> [What the exercise asks] The pictures are to be left out when the listing below is reproduced word for word.

-------------------------

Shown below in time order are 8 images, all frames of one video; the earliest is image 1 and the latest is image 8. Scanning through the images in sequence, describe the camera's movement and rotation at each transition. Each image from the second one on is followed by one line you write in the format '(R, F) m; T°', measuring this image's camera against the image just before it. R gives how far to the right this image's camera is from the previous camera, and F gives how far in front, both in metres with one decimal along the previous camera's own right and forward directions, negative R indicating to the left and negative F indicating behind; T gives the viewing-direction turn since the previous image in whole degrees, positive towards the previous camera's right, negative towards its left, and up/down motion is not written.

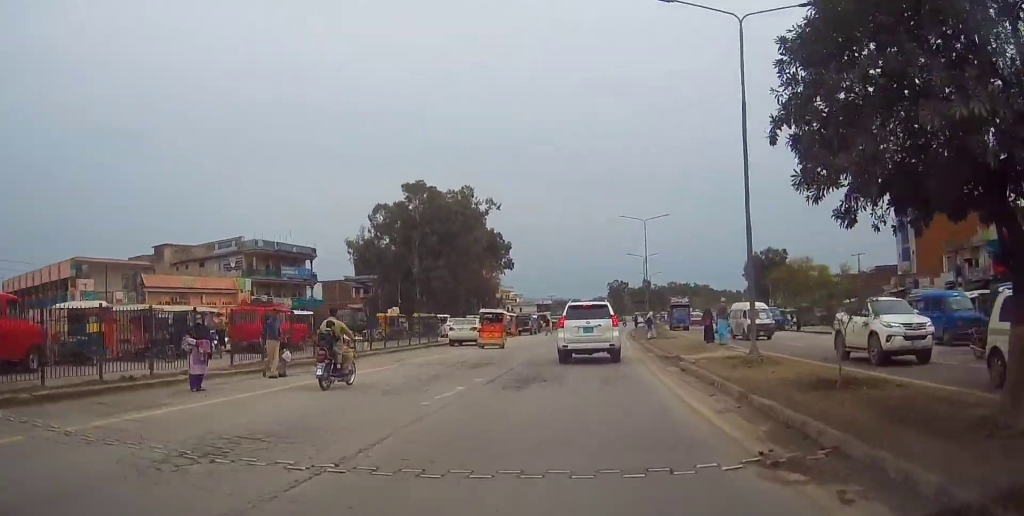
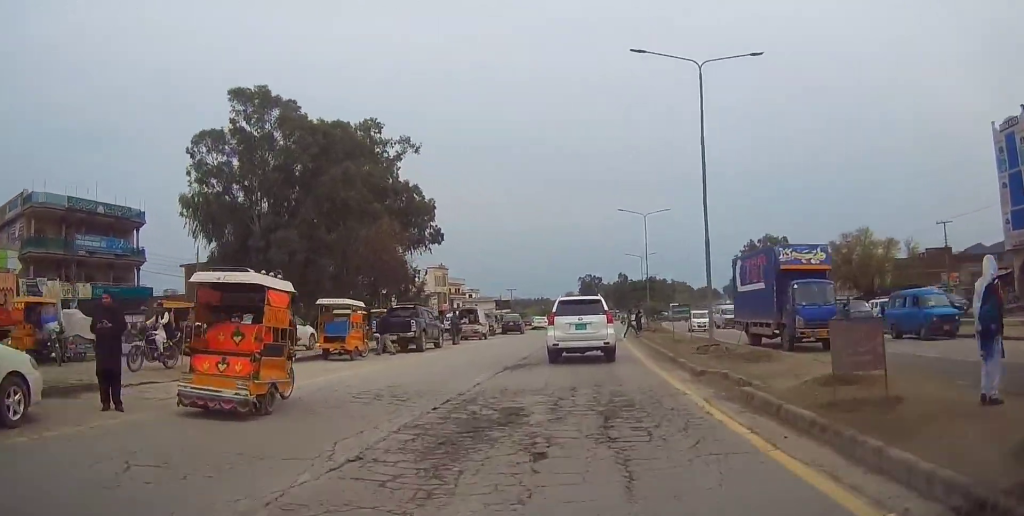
(+0.9, +31.9) m; +3°
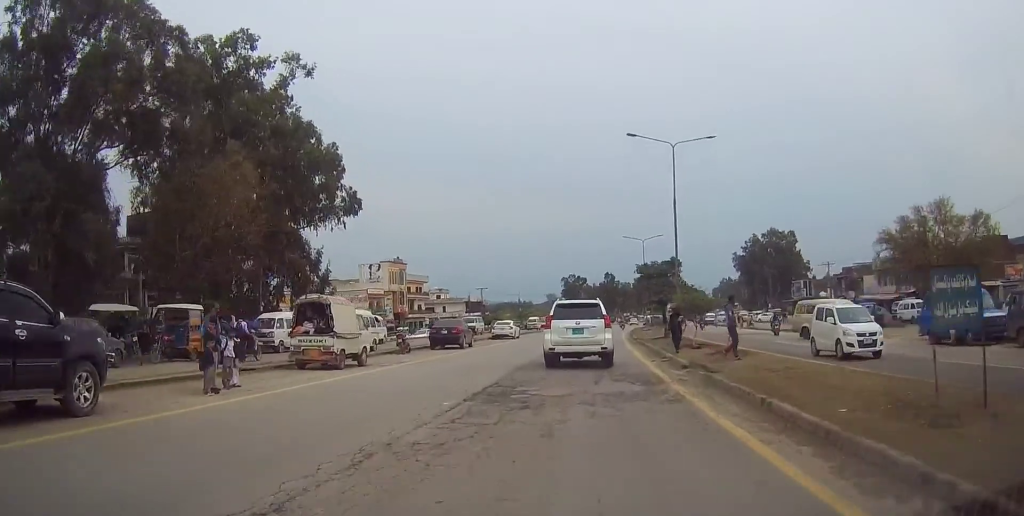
(-0.3, +21.2) m; 0°
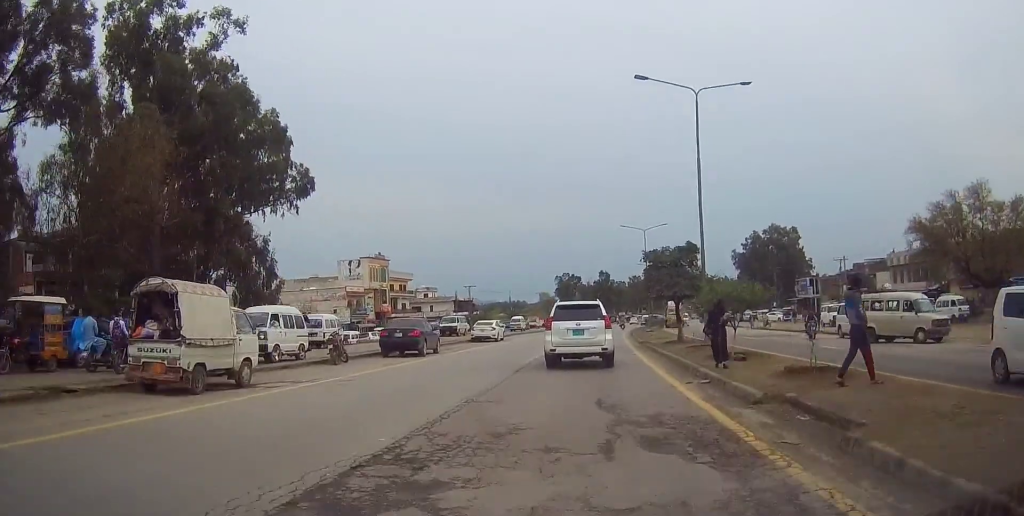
(-0.1, +7.5) m; +1°
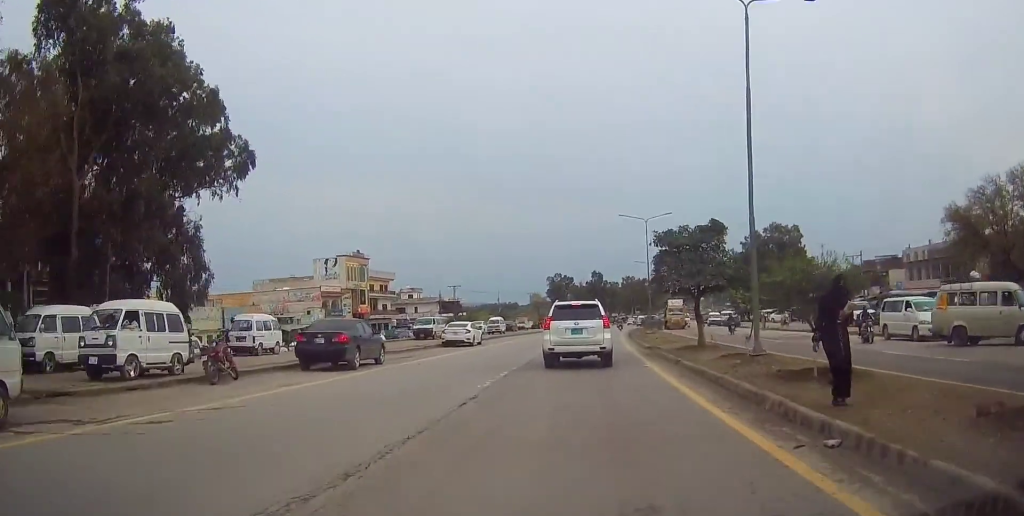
(+0.4, +7.0) m; +2°
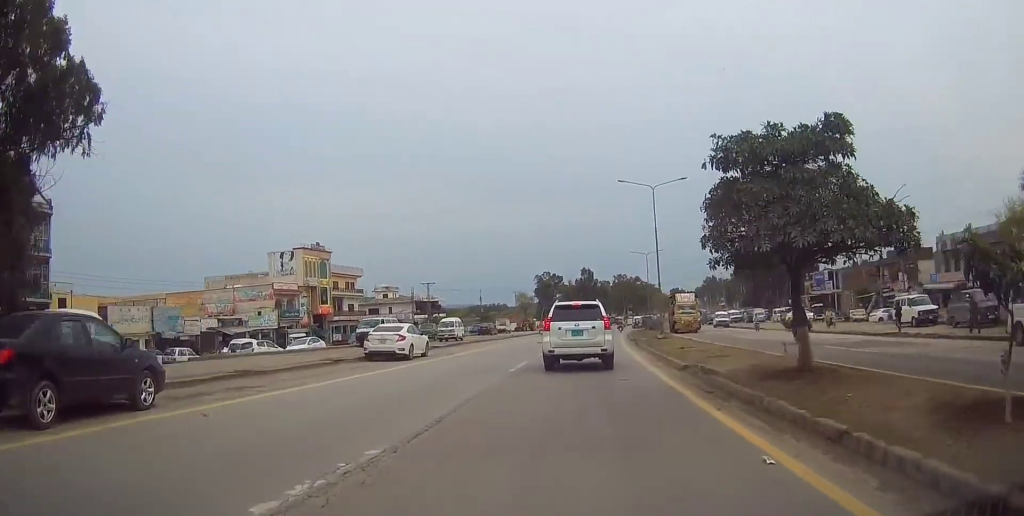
(+0.3, +12.1) m; +1°
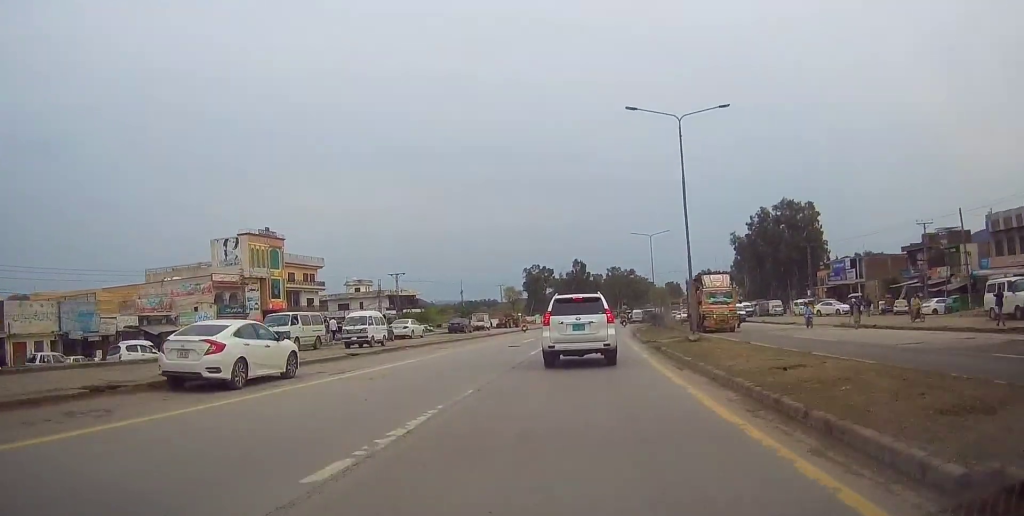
(0.0, +12.6) m; -1°
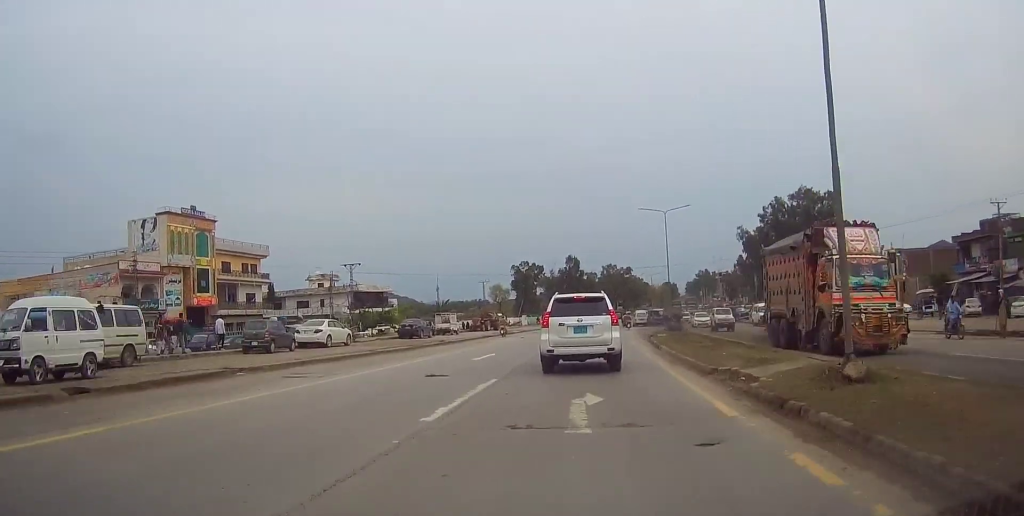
(-0.3, +15.1) m; +1°

-------------------------

> [Solution for this exercise]
Shown below in time order are 8 images, all frames of one video; the earliest is image 1 and the latest is image 8. Scanning through the images in sequence, describe the camera's movement and rotation at each transition. Each image from the second one on is followed by one line you write in the format '(R, F) m; T°', measuring this image's camera against the image just before it. R gives how far to the right this image's camera is from the previous camera, and F gives how far in front, both in metres with one decimal along the previous camera's own right and forward directions, negative R indicating to the left and negative F indicating behind; T gives the viewing-direction turn since the previous image in whole degrees, positive towards the previous camera's right, negative towards its left, and up/down motion is not written.

(+0.9, +31.9) m; +3°
(-0.3, +21.2) m; 0°
(-0.1, +7.5) m; +1°
(+0.4, +7.0) m; +2°
(+0.3, +12.1) m; +1°
(0.0, +12.6) m; -1°
(-0.3, +15.1) m; +1°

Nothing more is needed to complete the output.